= Data for review =
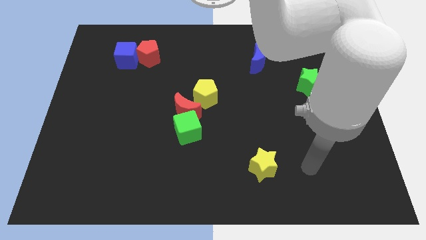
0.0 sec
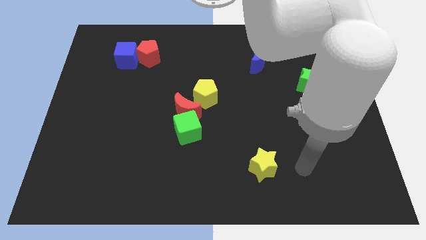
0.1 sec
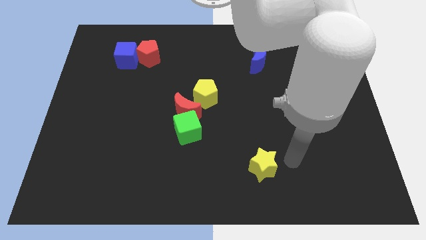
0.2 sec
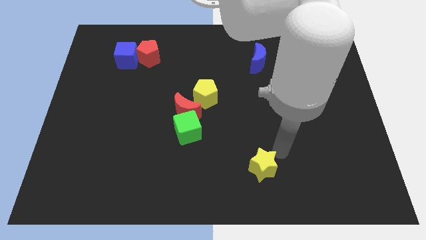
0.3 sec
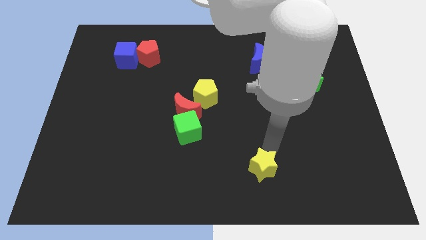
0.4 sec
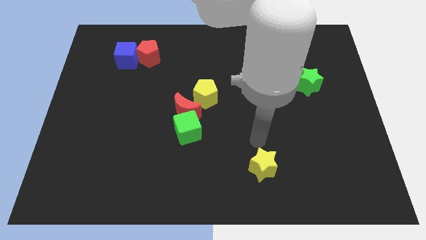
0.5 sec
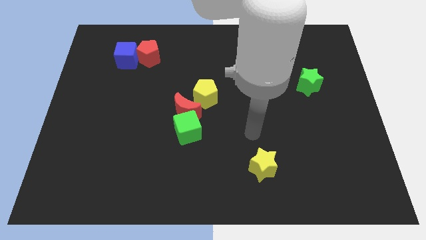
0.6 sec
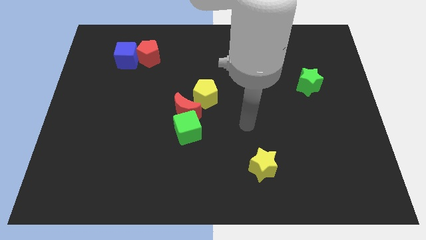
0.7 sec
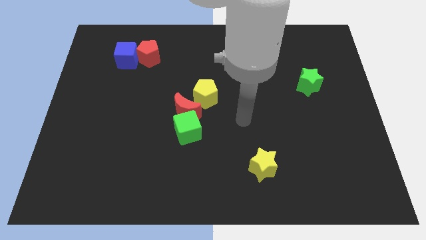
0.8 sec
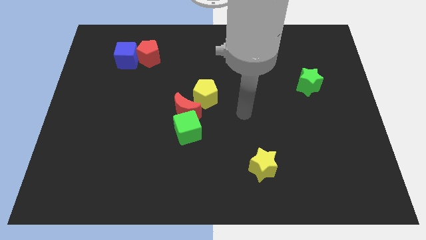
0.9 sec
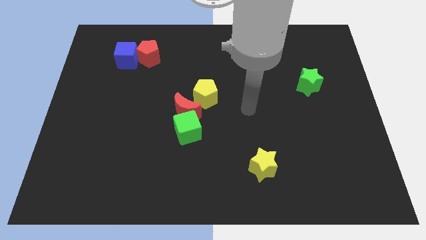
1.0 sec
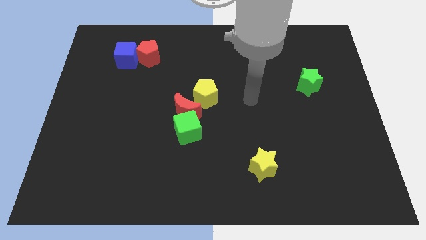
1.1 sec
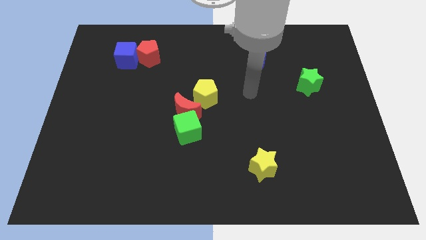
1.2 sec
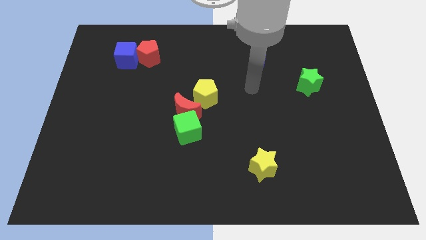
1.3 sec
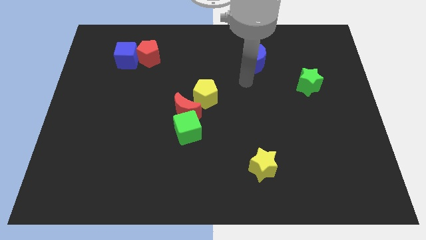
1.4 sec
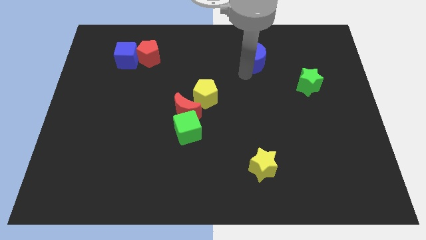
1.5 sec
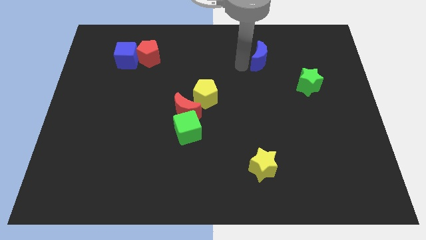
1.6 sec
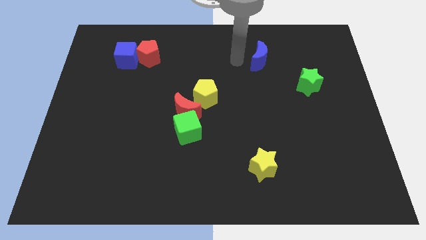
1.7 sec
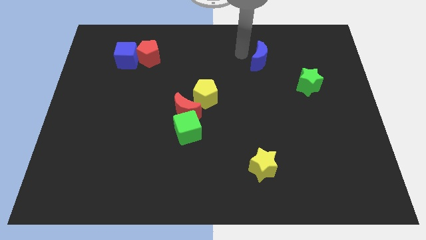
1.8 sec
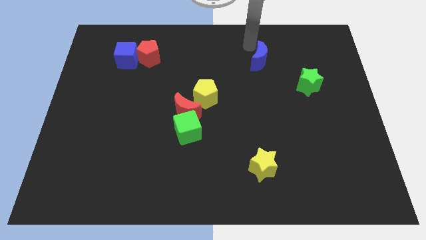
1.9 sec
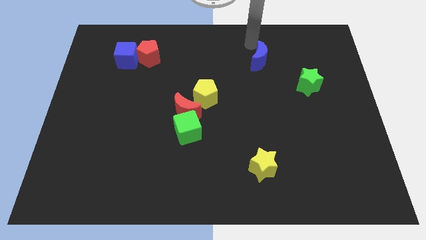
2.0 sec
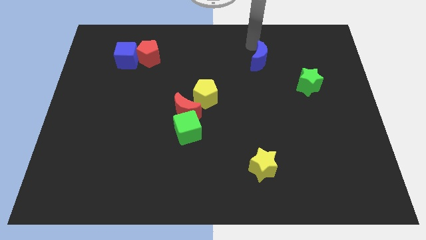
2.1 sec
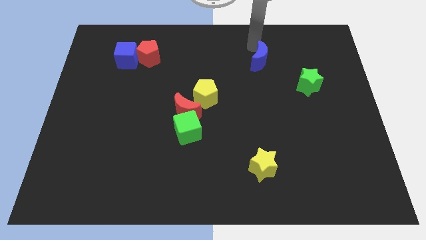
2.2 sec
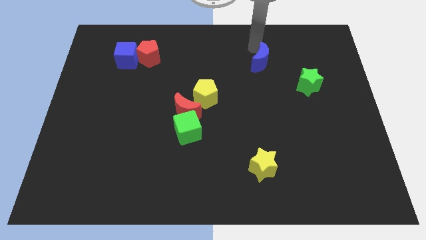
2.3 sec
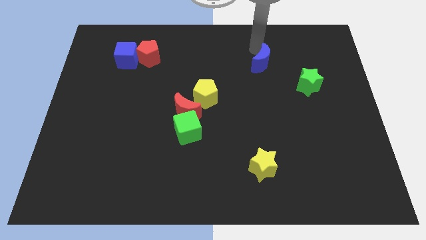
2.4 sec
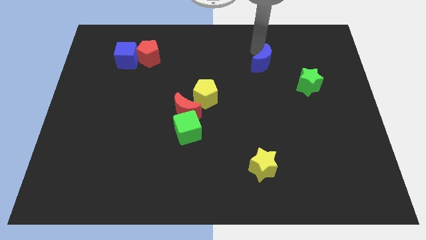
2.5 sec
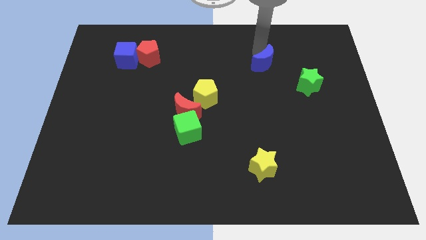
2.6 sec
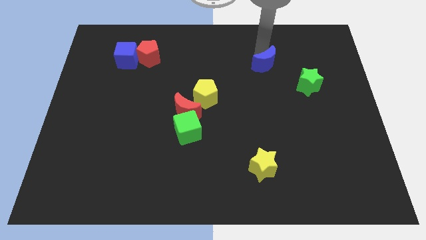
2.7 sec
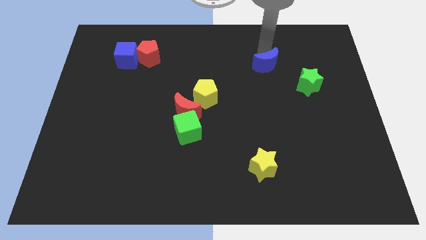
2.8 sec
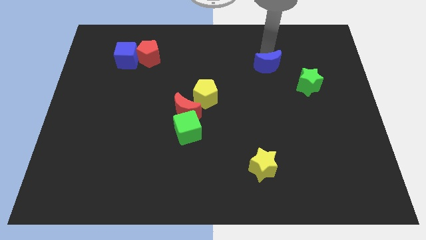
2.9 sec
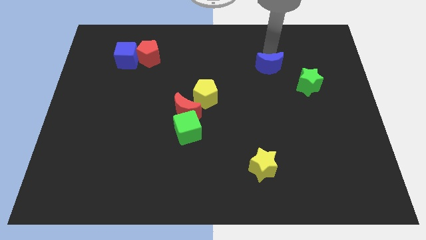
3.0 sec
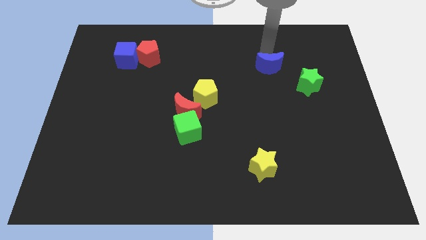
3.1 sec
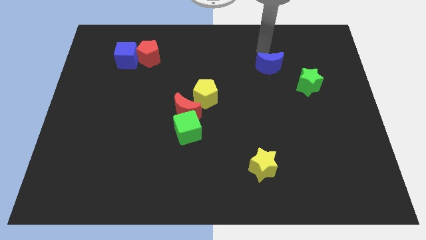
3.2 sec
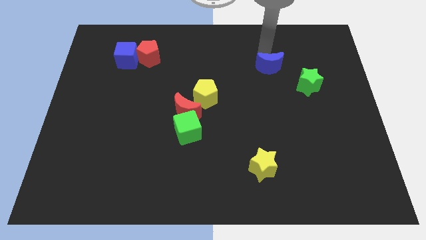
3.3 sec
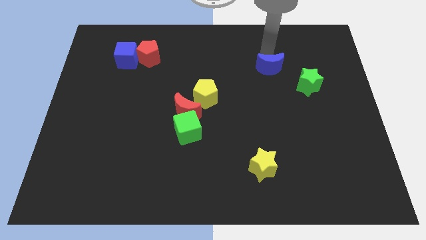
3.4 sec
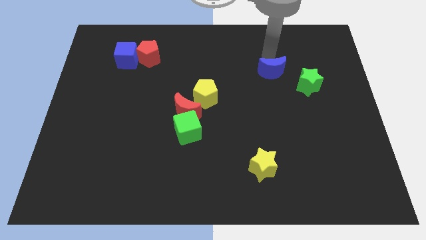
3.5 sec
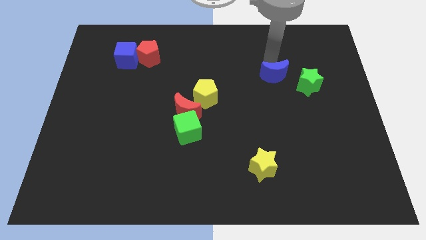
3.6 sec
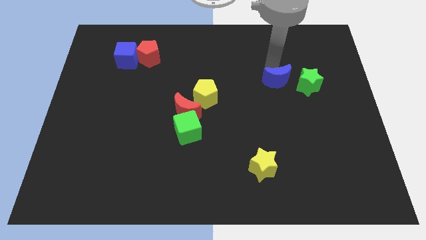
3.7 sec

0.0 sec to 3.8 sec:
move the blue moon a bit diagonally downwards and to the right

= What you are asked to do =
Without the pictures, write out the listing exactly as it appears above.

= Expected answer =
0.0 sec
0.1 sec
0.2 sec
0.3 sec
0.4 sec
0.5 sec
0.6 sec
0.7 sec
0.8 sec
0.9 sec
1.0 sec
1.1 sec
1.2 sec
1.3 sec
1.4 sec
1.5 sec
1.6 sec
1.7 sec
1.8 sec
1.9 sec
2.0 sec
2.1 sec
2.2 sec
2.3 sec
2.4 sec
2.5 sec
2.6 sec
2.7 sec
2.8 sec
2.9 sec
3.0 sec
3.1 sec
3.2 sec
3.3 sec
3.4 sec
3.5 sec
3.6 sec
3.7 sec

0.0 sec to 3.8 sec:
move the blue moon a bit diagonally downwards and to the right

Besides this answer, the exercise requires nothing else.